----- Data for analysis

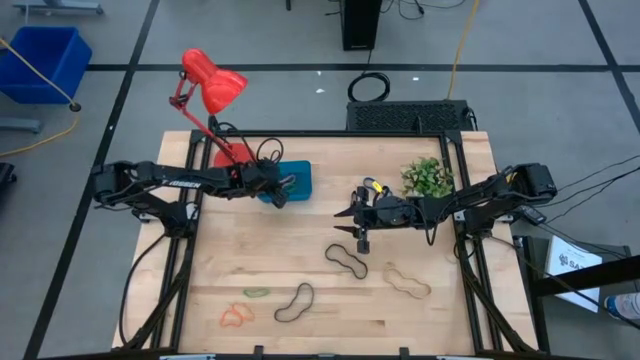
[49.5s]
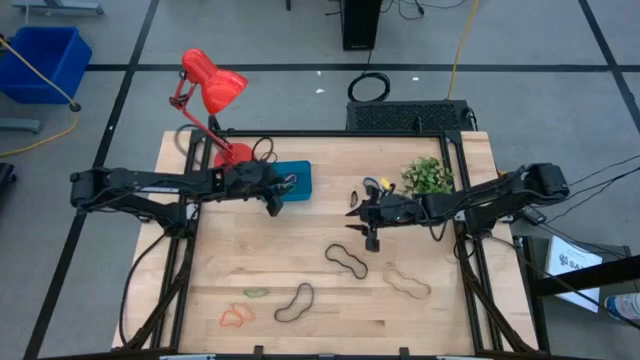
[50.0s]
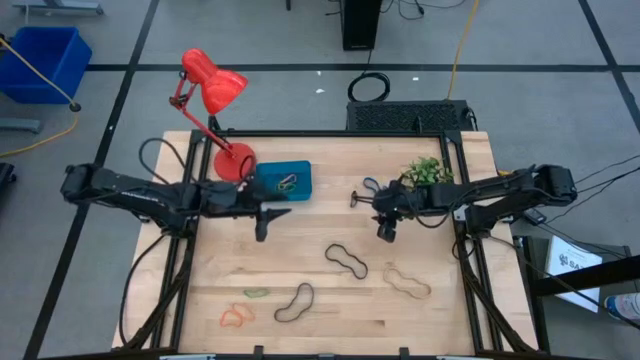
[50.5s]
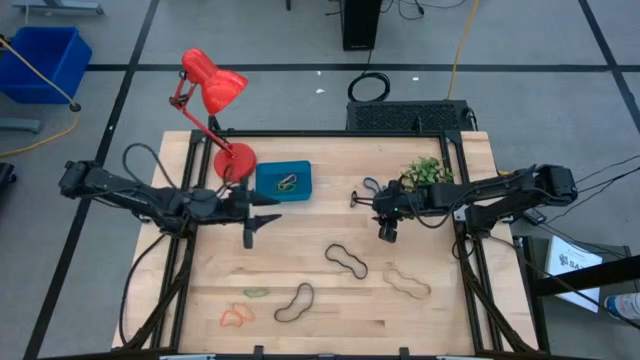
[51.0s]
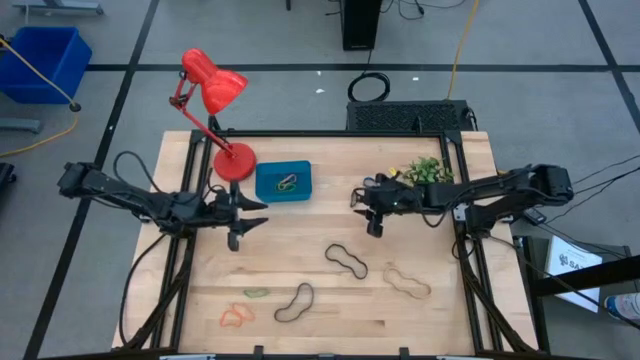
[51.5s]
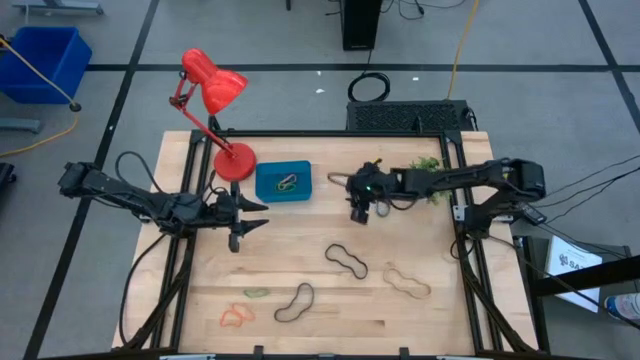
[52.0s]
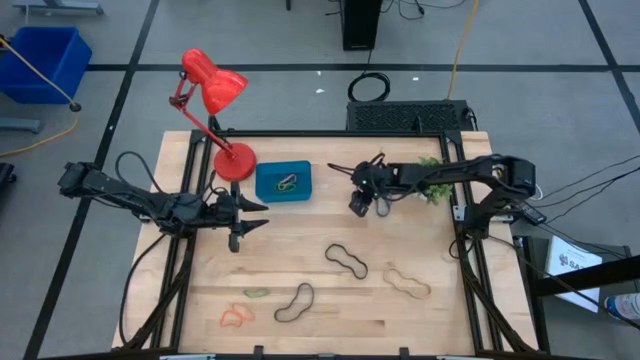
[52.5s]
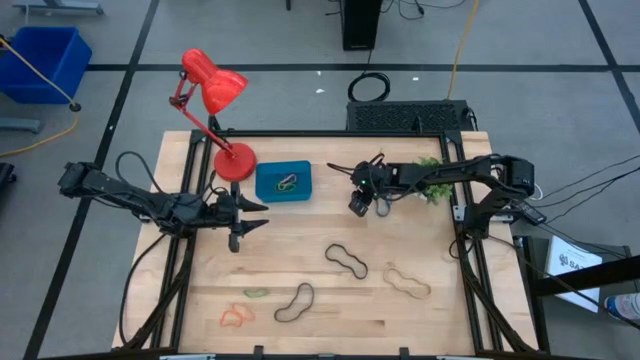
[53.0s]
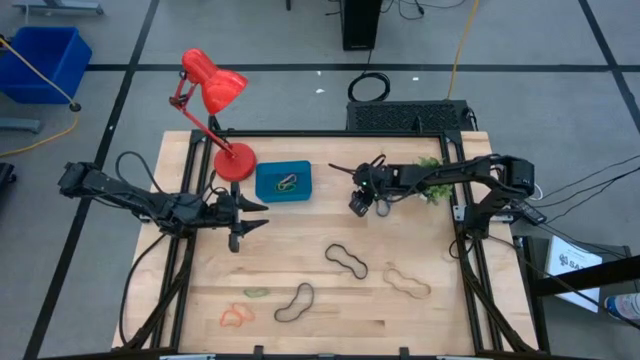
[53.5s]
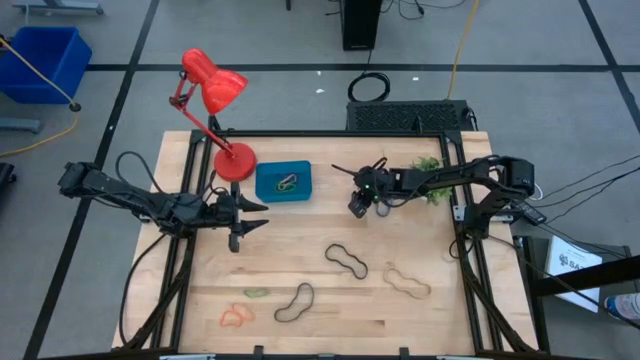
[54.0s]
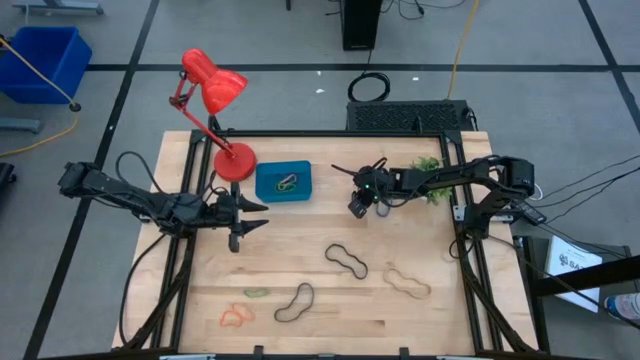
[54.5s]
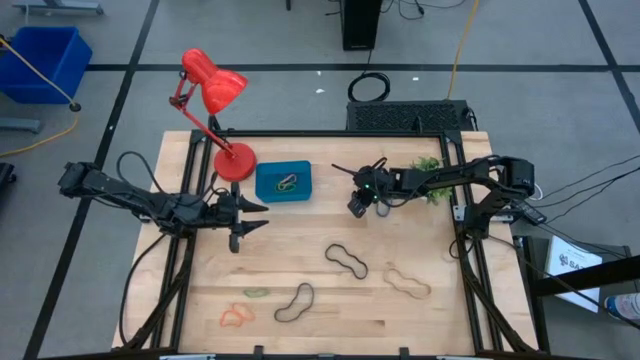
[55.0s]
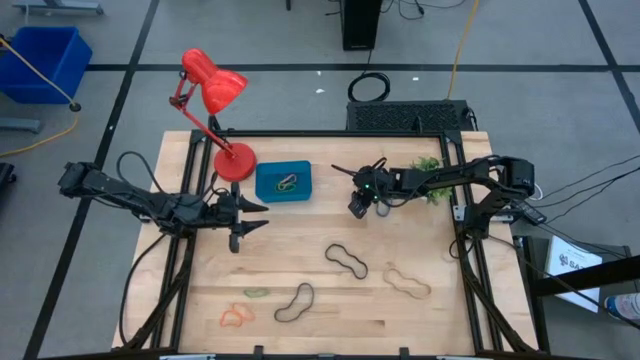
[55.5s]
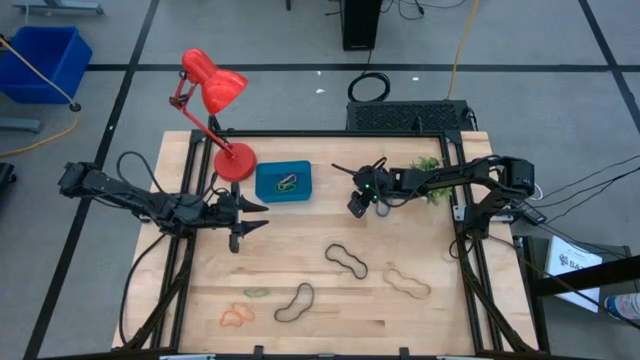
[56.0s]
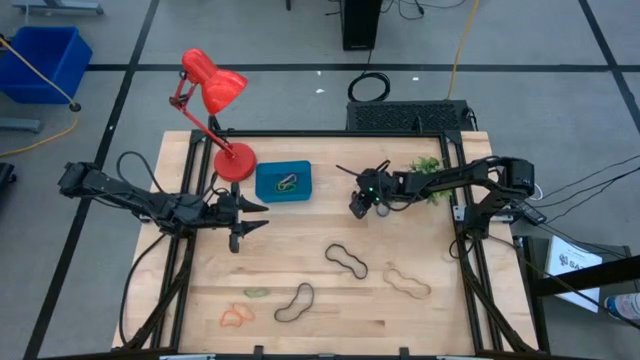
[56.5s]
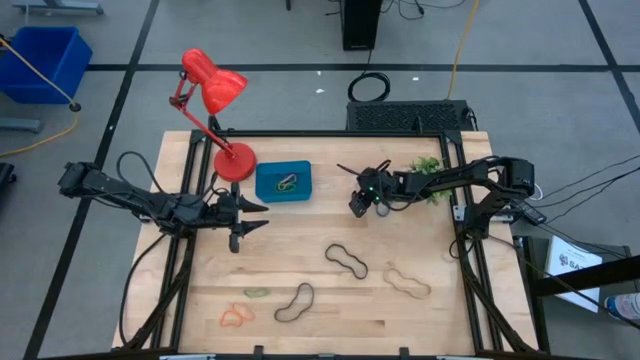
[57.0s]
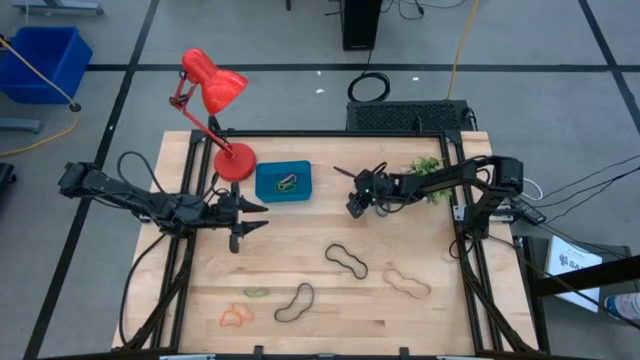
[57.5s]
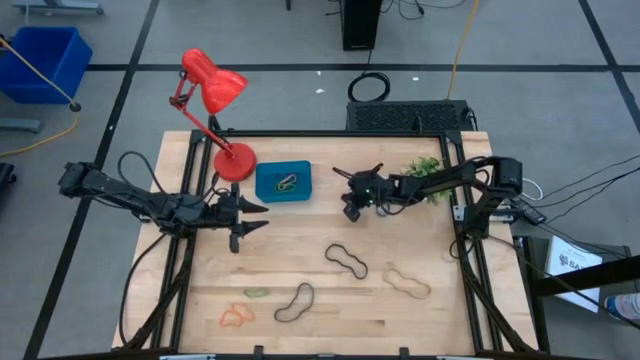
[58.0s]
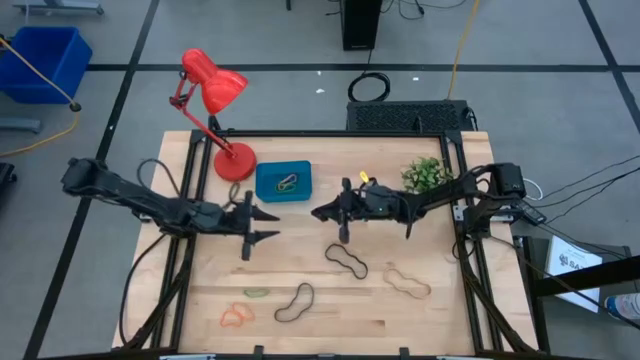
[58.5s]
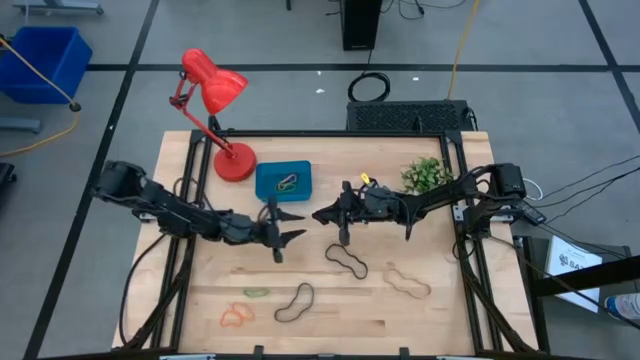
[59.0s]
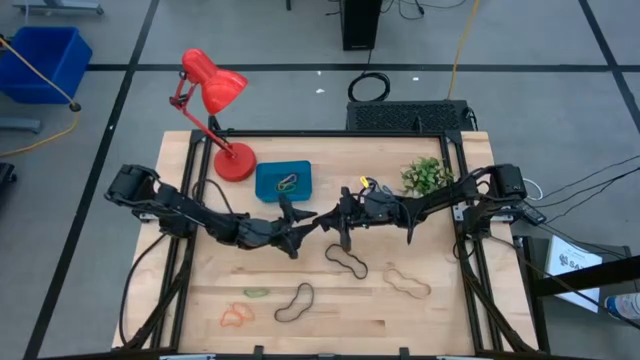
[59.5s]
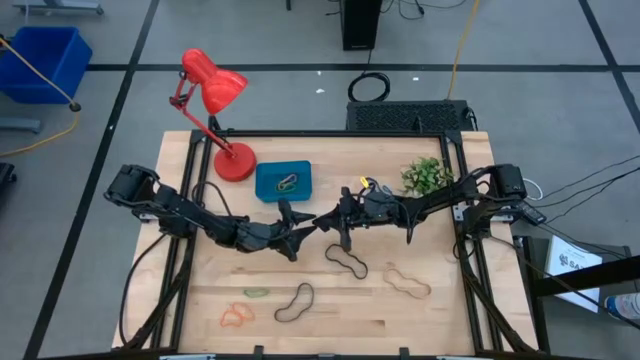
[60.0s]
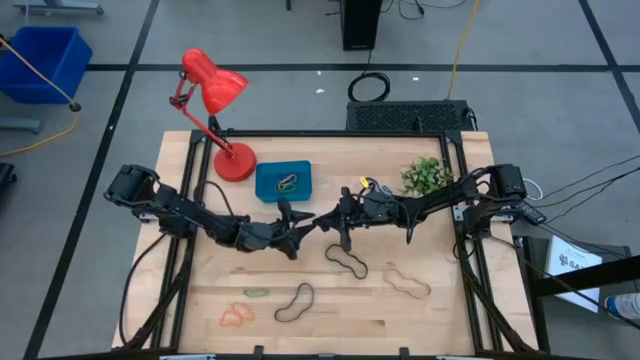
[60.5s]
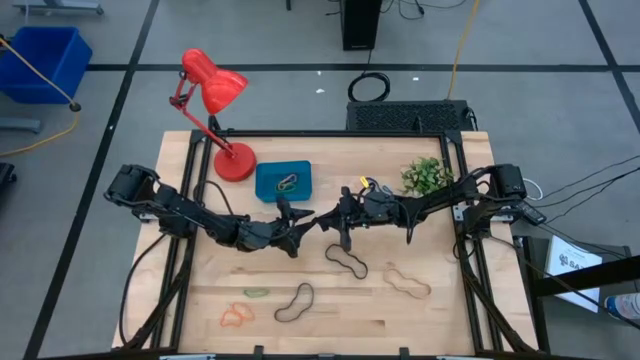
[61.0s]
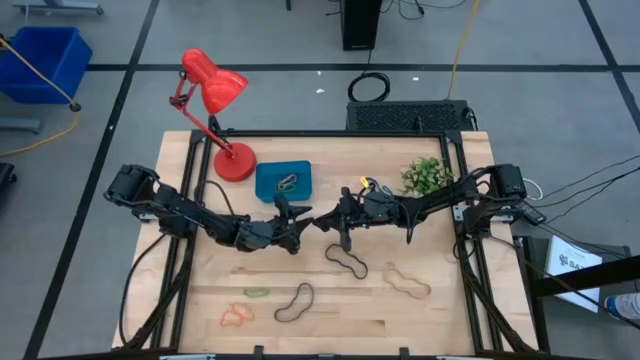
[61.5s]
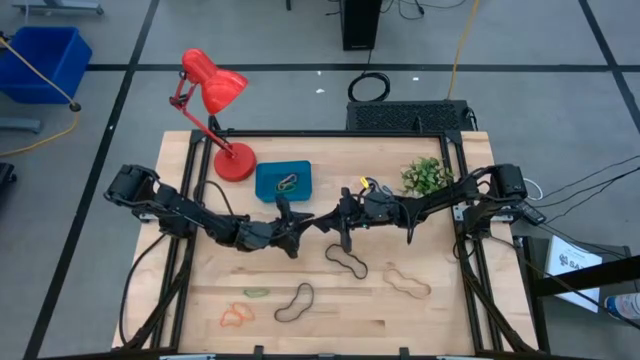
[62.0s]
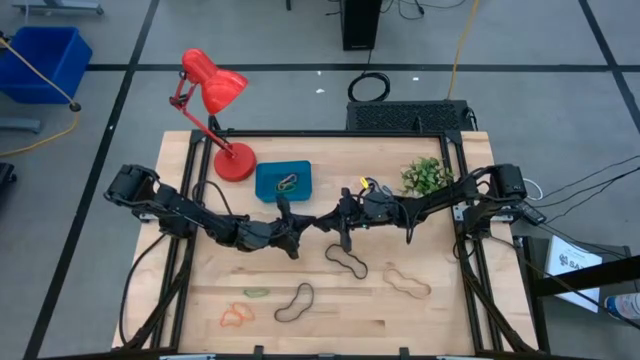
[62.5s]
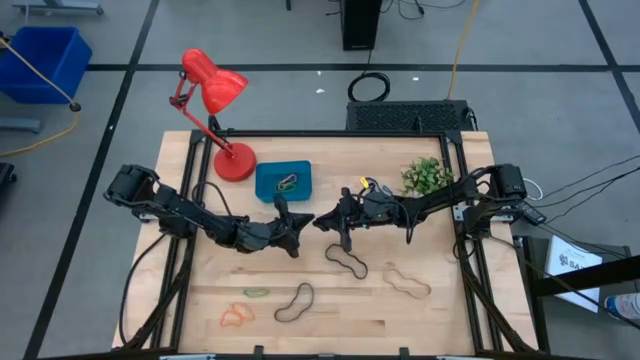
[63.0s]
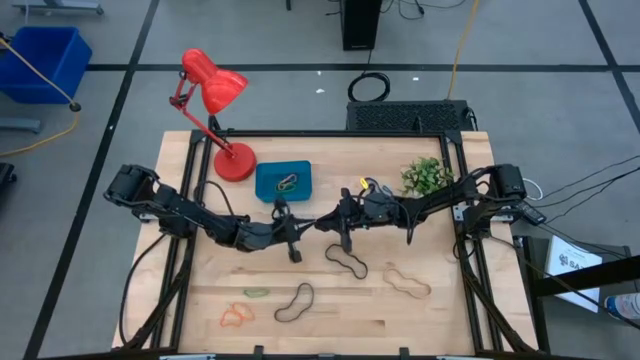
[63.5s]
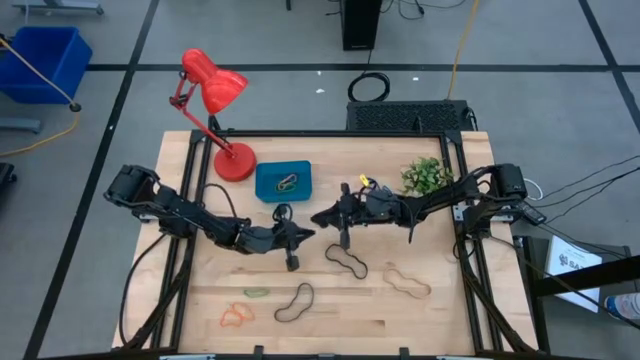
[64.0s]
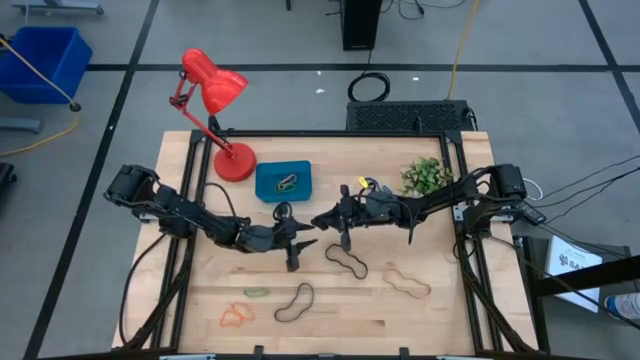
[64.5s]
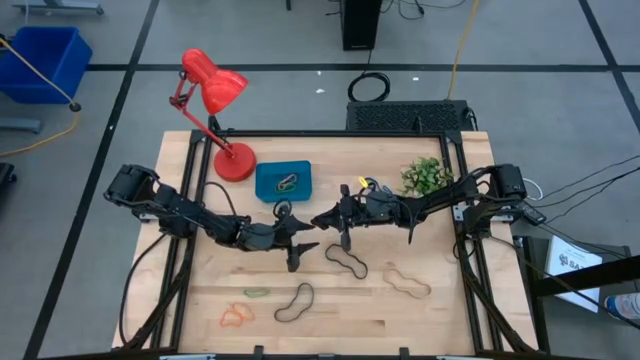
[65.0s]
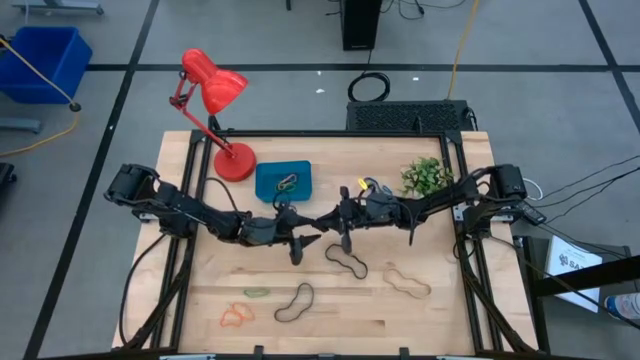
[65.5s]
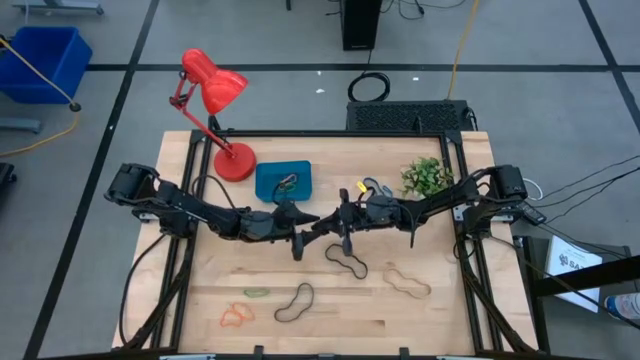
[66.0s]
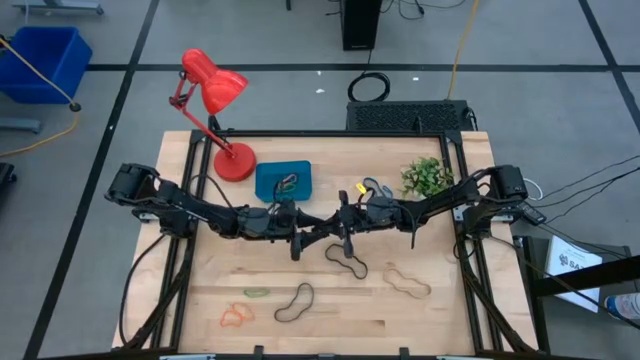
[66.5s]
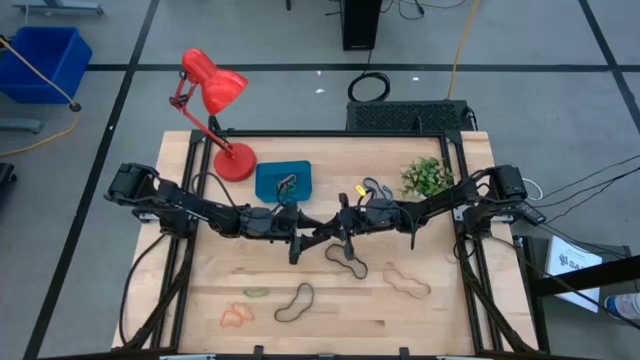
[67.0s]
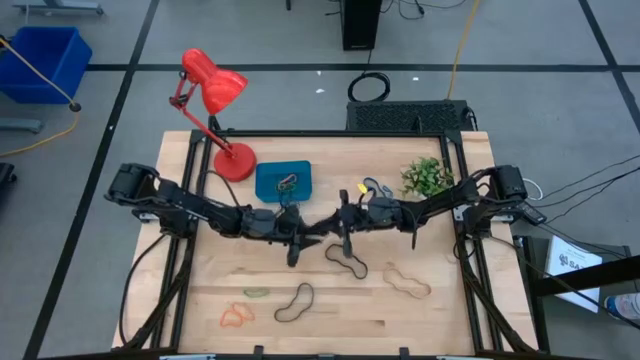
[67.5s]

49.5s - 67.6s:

----------

(Task statement) Write out the data again word for word, minus any images.

(Task output)
[49.5s]
[50.0s]
[50.5s]
[51.0s]
[51.5s]
[52.0s]
[52.5s]
[53.0s]
[53.5s]
[54.0s]
[54.5s]
[55.0s]
[55.5s]
[56.0s]
[56.5s]
[57.0s]
[57.5s]
[58.0s]
[58.5s]
[59.0s]
[59.5s]
[60.0s]
[60.5s]
[61.0s]
[61.5s]
[62.0s]
[62.5s]
[63.0s]
[63.5s]
[64.0s]
[64.5s]
[65.0s]
[65.5s]
[66.0s]
[66.5s]
[67.0s]
[67.5s]

49.5s - 67.6s:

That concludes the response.